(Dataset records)

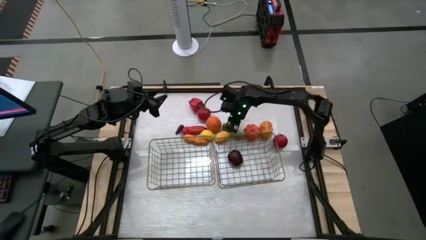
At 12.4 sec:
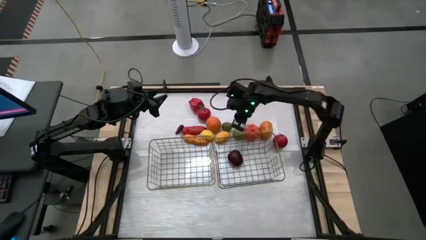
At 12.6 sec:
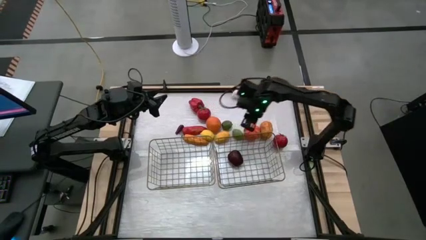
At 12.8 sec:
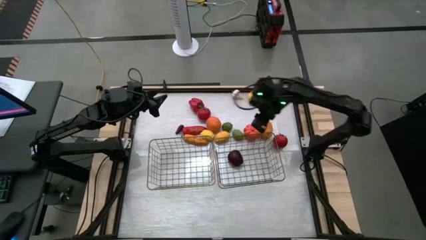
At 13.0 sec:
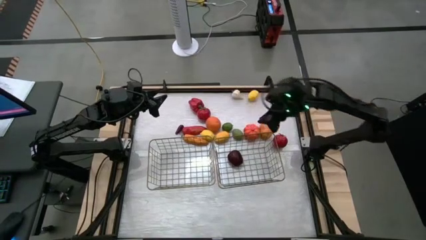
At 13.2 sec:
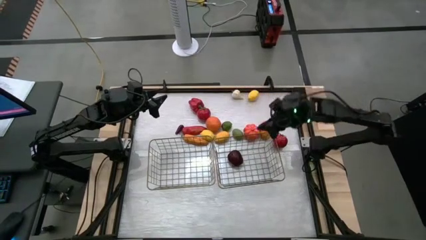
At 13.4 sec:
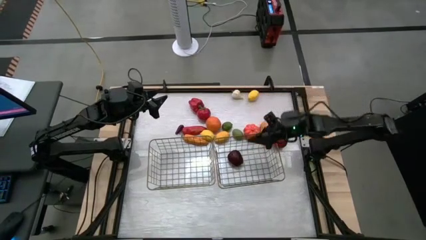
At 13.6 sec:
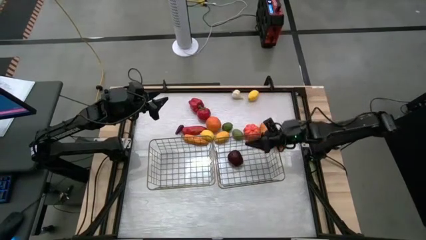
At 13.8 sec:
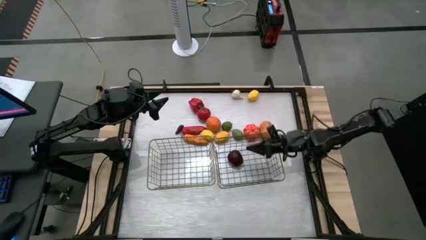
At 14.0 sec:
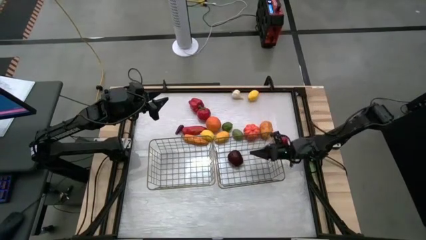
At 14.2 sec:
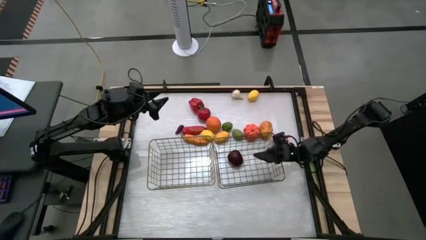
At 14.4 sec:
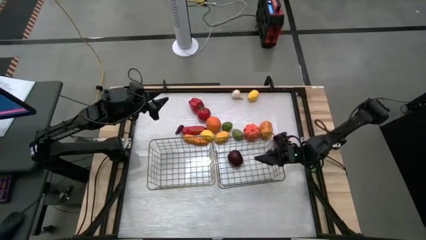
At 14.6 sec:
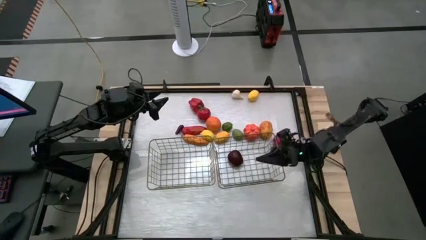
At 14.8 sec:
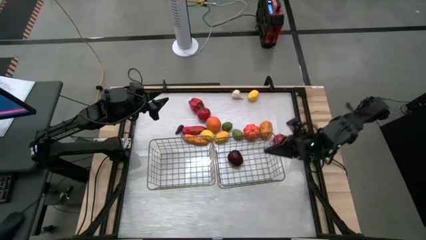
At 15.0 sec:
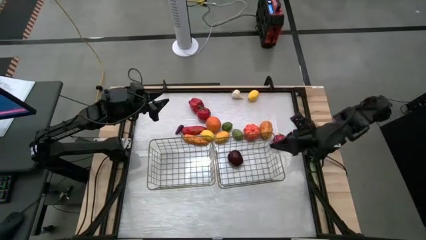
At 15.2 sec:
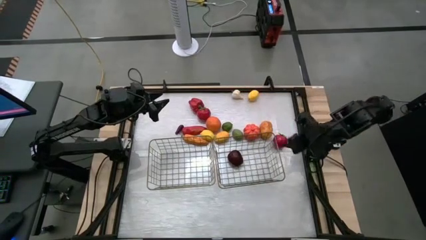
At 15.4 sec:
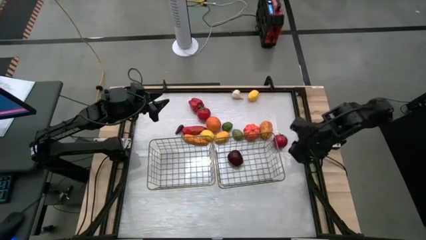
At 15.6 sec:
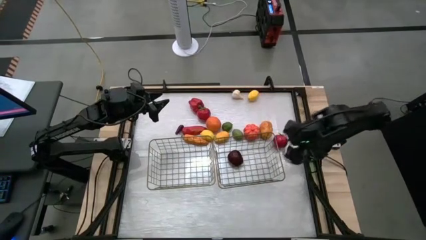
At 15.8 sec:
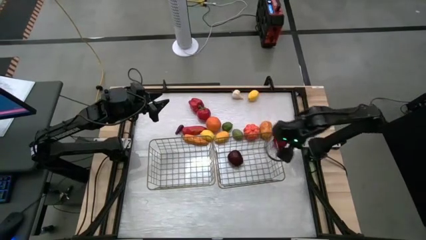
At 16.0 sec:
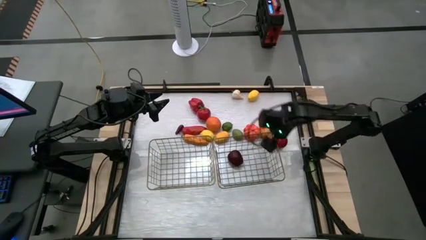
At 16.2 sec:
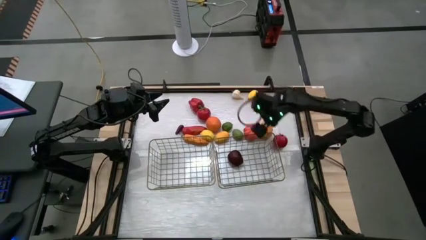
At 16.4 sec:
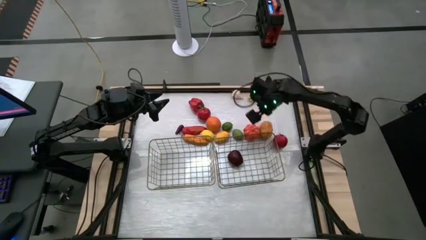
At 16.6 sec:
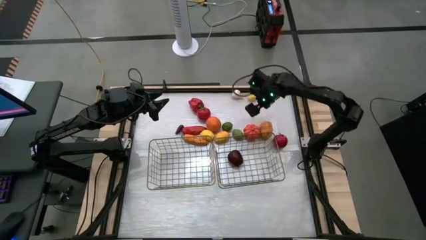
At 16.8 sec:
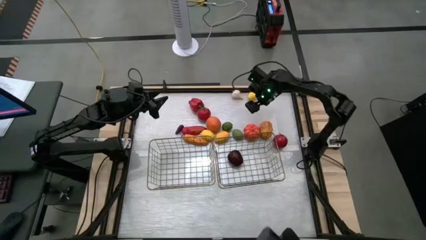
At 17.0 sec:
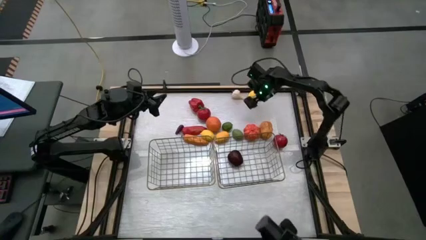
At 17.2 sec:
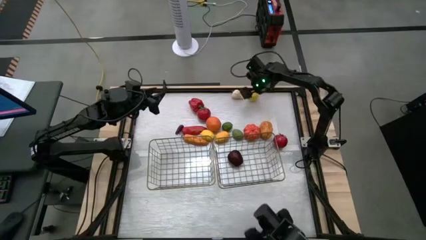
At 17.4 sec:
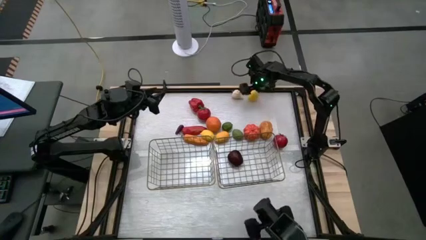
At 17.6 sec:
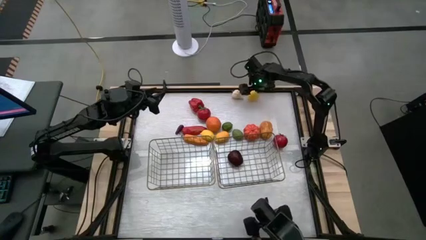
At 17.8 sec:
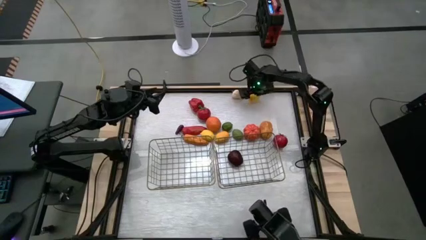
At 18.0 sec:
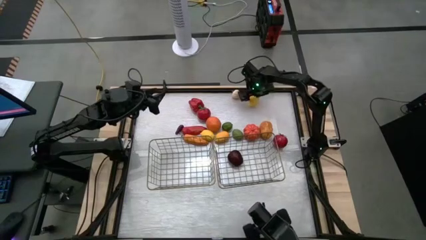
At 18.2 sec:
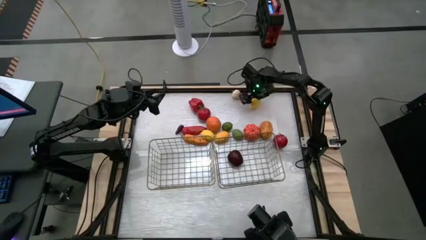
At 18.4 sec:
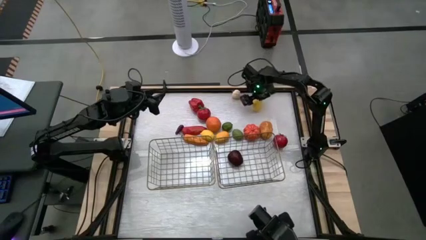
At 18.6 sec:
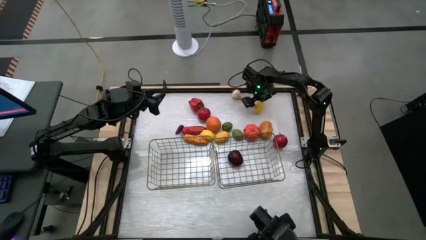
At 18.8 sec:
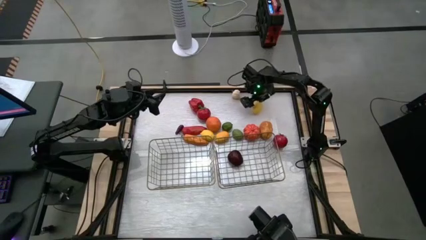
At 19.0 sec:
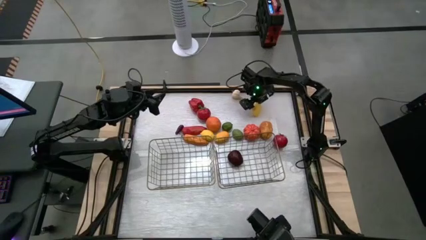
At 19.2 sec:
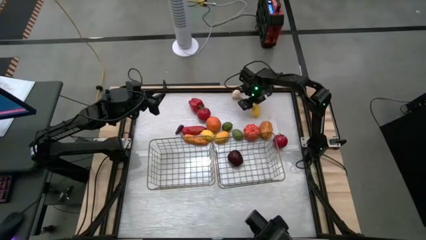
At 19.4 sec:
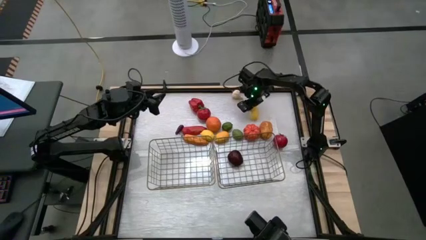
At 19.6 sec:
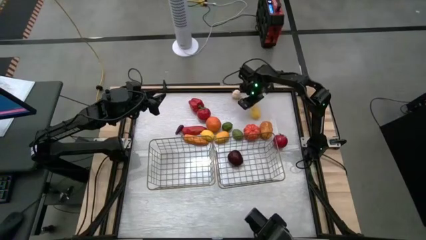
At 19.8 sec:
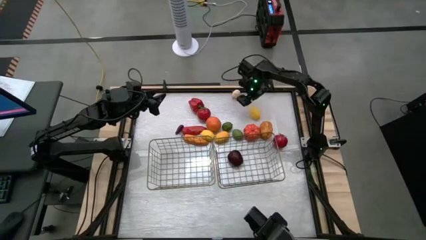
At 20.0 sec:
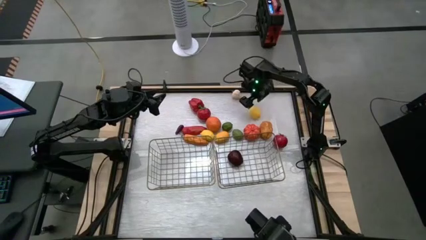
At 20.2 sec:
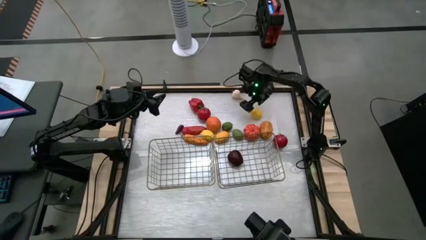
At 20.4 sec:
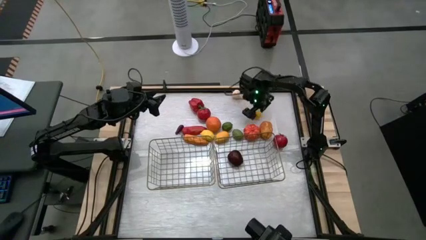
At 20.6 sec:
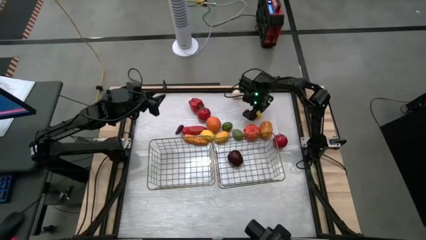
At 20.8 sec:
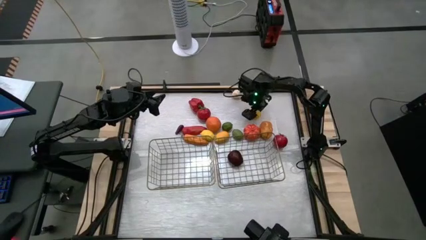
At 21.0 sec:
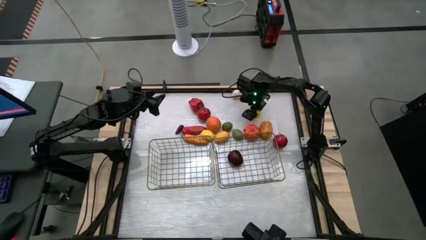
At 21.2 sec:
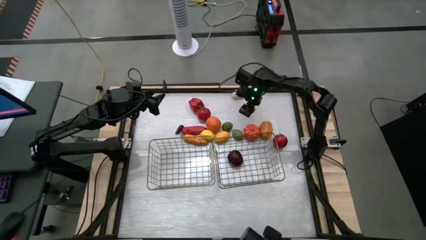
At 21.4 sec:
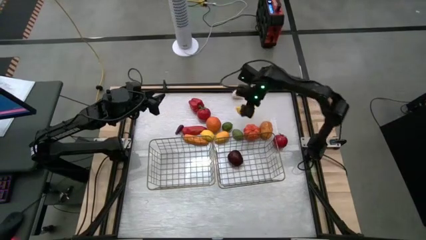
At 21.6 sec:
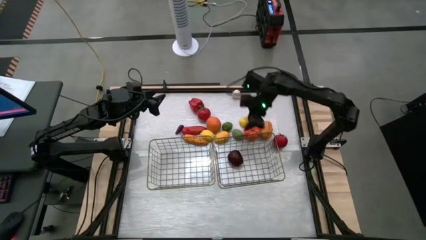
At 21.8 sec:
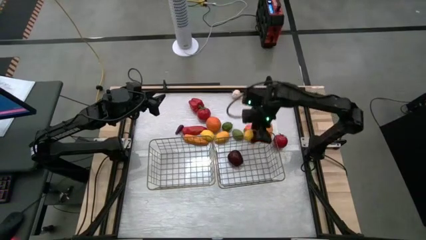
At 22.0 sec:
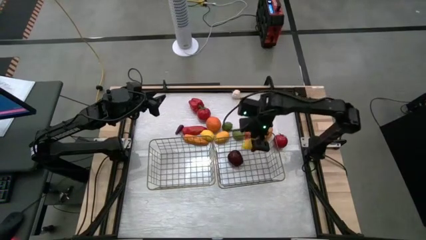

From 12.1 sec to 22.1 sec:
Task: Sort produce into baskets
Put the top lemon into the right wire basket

* **TASK TO COMPLETE**: Extract the text of all the records above verbatim, excluding pictures.

* **SOLUTION FOR THIS TASK**:
At 12.4 sec:
At 12.6 sec:
At 12.8 sec:
At 13.0 sec:
At 13.2 sec:
At 13.4 sec:
At 13.6 sec:
At 13.8 sec:
At 14.0 sec:
At 14.2 sec:
At 14.4 sec:
At 14.6 sec:
At 14.8 sec:
At 15.0 sec:
At 15.2 sec:
At 15.4 sec:
At 15.6 sec:
At 15.8 sec:
At 16.0 sec:
At 16.2 sec:
At 16.4 sec:
At 16.6 sec:
At 16.8 sec:
At 17.0 sec:
At 17.2 sec:
At 17.4 sec:
At 17.6 sec:
At 17.8 sec:
At 18.0 sec:
At 18.2 sec:
At 18.4 sec:
At 18.6 sec:
At 18.8 sec:
At 19.0 sec:
At 19.2 sec:
At 19.4 sec:
At 19.6 sec:
At 19.8 sec:
At 20.0 sec:
At 20.2 sec:
At 20.4 sec:
At 20.6 sec:
At 20.8 sec:
At 21.0 sec:
At 21.2 sec:
At 21.4 sec:
At 21.6 sec:
At 21.8 sec:
At 22.0 sec:

From 12.1 sec to 22.1 sec:
Task: Sort produce into baskets
Put the top lemon into the right wire basket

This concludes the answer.